Dataset items:
※ ※ ※

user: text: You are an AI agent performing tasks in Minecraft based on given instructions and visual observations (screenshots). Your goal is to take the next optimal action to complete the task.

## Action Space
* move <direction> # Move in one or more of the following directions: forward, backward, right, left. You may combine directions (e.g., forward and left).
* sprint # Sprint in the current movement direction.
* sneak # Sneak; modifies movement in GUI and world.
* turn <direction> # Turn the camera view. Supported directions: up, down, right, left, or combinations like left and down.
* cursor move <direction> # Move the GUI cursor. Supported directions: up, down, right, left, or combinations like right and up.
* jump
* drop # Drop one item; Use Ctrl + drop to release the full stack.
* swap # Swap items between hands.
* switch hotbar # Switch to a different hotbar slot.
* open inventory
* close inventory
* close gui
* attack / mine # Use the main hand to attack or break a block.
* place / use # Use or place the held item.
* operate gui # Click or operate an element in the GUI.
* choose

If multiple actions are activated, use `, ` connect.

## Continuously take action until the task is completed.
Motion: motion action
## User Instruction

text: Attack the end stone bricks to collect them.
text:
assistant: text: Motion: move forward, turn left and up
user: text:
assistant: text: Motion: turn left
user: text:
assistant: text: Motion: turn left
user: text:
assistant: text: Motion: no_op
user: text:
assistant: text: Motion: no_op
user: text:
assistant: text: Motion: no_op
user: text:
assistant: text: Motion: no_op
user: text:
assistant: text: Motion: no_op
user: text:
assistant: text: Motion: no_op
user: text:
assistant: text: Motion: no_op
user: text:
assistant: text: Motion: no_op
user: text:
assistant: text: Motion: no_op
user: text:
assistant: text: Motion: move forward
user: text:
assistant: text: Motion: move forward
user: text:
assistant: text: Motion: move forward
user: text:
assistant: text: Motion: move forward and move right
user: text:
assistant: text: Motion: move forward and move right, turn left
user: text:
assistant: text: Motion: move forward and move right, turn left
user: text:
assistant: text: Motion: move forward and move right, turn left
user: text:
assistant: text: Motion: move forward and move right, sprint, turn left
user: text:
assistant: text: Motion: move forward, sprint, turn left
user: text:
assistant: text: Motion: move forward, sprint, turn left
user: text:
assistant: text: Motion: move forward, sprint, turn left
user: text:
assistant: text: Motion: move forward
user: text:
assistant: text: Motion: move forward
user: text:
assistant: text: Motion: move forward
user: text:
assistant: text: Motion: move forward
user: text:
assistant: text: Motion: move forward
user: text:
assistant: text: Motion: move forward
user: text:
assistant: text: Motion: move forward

※ ※ ※

● Exercise instructions:
Write out all of the records exactly as they stand above.

● Result of the task:
user: text: You are an AI agent performing tasks in Minecraft based on given instructions and visual observations (screenshots). Your goal is to take the next optimal action to complete the task.

## Action Space
* move <direction> # Move in one or more of the following directions: forward, backward, right, left. You may combine directions (e.g., forward and left).
* sprint # Sprint in the current movement direction.
* sneak # Sneak; modifies movement in GUI and world.
* turn <direction> # Turn the camera view. Supported directions: up, down, right, left, or combinations like left and down.
* cursor move <direction> # Move the GUI cursor. Supported directions: up, down, right, left, or combinations like right and up.
* jump
* drop # Drop one item; Use Ctrl + drop to release the full stack.
* swap # Swap items between hands.
* switch hotbar # Switch to a different hotbar slot.
* open inventory
* close inventory
* close gui
* attack / mine # Use the main hand to attack or break a block.
* place / use # Use or place the held item.
* operate gui # Click or operate an element in the GUI.
* choose

If multiple actions are activated, use `, ` connect.

## Continuously take action until the task is completed.
Motion: motion action
## User Instruction

text: Attack the end stone bricks to collect them.
text:
assistant: text: Motion: move forward, turn left and up
user: text:
assistant: text: Motion: turn left
user: text:
assistant: text: Motion: turn left
user: text:
assistant: text: Motion: no_op
user: text:
assistant: text: Motion: no_op
user: text:
assistant: text: Motion: no_op
user: text:
assistant: text: Motion: no_op
user: text:
assistant: text: Motion: no_op
user: text:
assistant: text: Motion: no_op
user: text:
assistant: text: Motion: no_op
user: text:
assistant: text: Motion: no_op
user: text:
assistant: text: Motion: no_op
user: text:
assistant: text: Motion: move forward
user: text:
assistant: text: Motion: move forward
user: text:
assistant: text: Motion: move forward
user: text:
assistant: text: Motion: move forward and move right
user: text:
assistant: text: Motion: move forward and move right, turn left
user: text:
assistant: text: Motion: move forward and move right, turn left
user: text:
assistant: text: Motion: move forward and move right, turn left
user: text:
assistant: text: Motion: move forward and move right, sprint, turn left
user: text:
assistant: text: Motion: move forward, sprint, turn left
user: text:
assistant: text: Motion: move forward, sprint, turn left
user: text:
assistant: text: Motion: move forward, sprint, turn left
user: text:
assistant: text: Motion: move forward
user: text:
assistant: text: Motion: move forward
user: text:
assistant: text: Motion: move forward
user: text:
assistant: text: Motion: move forward
user: text:
assistant: text: Motion: move forward
user: text:
assistant: text: Motion: move forward
user: text:
assistant: text: Motion: move forward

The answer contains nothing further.